In the digestive tract, microbial communities play a prominent role in essentially all animals. This has been extensively investigated in humans [49] and farmed animals [50] but generally lacking in industrially reared insects such as BSF. Investigations of the gut microbiota of only a limited number of insect taxa thus far have revealed the critical role of gut microorganisms in nutrition, physiology, immune response and pathogen resistance [48]. The microorganisms in the insect gut can be highly complex comprising of protists, fungi, archaea, and bacteria which can be maternally transmitted, acquired from social interaction or from the environment such as diet [48]. Little is known on the role of gut microbiota on the physiology of BSF though a study shown that bacteria isolated from the BSF eggs significantly enhanced oviposition when the culture was used as an attractant [51]. However, the composition of bacteria coevolving in the substrate can override and colonize the host gut microbiome in other insects such as drosophila potentially affecting nutrient acquisition and growth [52], preliminary study also suggests similar interaction in BSF [53] but further investigation is required to establish mechanistic understanding. In addition to larvae development, BSF larvae are able to express a wide spectrum of antimicrobial peptides many of which are induced by bacterial load in the feedstock and the types of diet [54]. This could potentially contribute to the reduction of unfavourable bacteria such as Escherichia coli and Salmonella enterica in the substrate [55,56]. The ability of BSF larvae to grow and utilize a range of organic substrates raises intriguing questions toward the structure and function of their gut microbiome which can be exploited for the development of probiotic or cultures that can be used for bio-augmentation to enhance the breakdown of specific waste streams or improve growth, development, reproduction and immunity leading to overall process optimization. These capabilities and characteristics of BSF appear particularly promising in the context of urban and post-consumer waste recycling using BSF cultures, both in terms of ensuring biosecurity and extraction optimization.

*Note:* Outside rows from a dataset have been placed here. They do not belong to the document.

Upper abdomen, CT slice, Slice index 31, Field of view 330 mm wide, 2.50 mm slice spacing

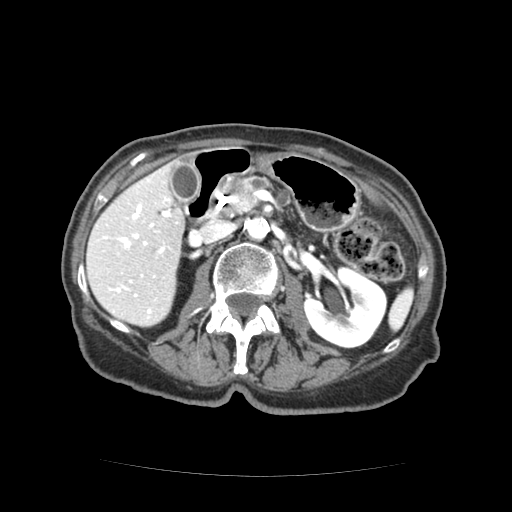
The pancreatic tumor is bounded by bbox=[231, 179, 251, 202]. The pancreas lies within bbox=[223, 177, 270, 212].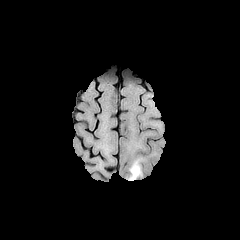
FLAIR MRI.
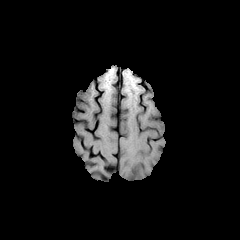
Same slice, T1-weighted MR image.
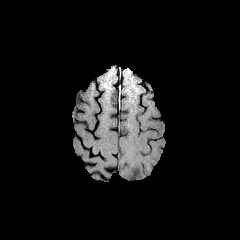
Post-contrast T1-weighted magnetic resonance.
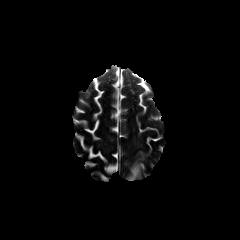
Same slice, T2-weighted MR image.
Brain; 240x240 px
Findings:
- edema: [130, 163, 140, 180]

While various biological treatment processes have been developed and applied to treat organic wastes, insect bioconversion alone allows for the recapture of nutrient losses in the food supply chain. Nutrients are converted directly to proteins coincident with mitigation of organic waste production, thus enabling a circular economy. This is especially attractive in urban settings that have a high rate of organic waste production. Insect protein produced from organic waste is a sustainable alternative to current protein sources for compound feeds in the livestock, poultry and aquaculture industries. However, considering the immense size of the feed market, production of insect biomass needs to be stable and significantly increased in volume for it to be an economically competitive replacement. In addition, the end product also needs to be consistent in quality and safe. To achieve this, we have highlighted in this review some challenging aspects of rearing and production that can only be solved with an integrated approach involving regulators, entomologists, bioprocess engineers, industry and end users.
The authors would like to thank Dr. Thomas William Seviour for providing critical feedback on the manuscript.
The authors declare no conflict of interest.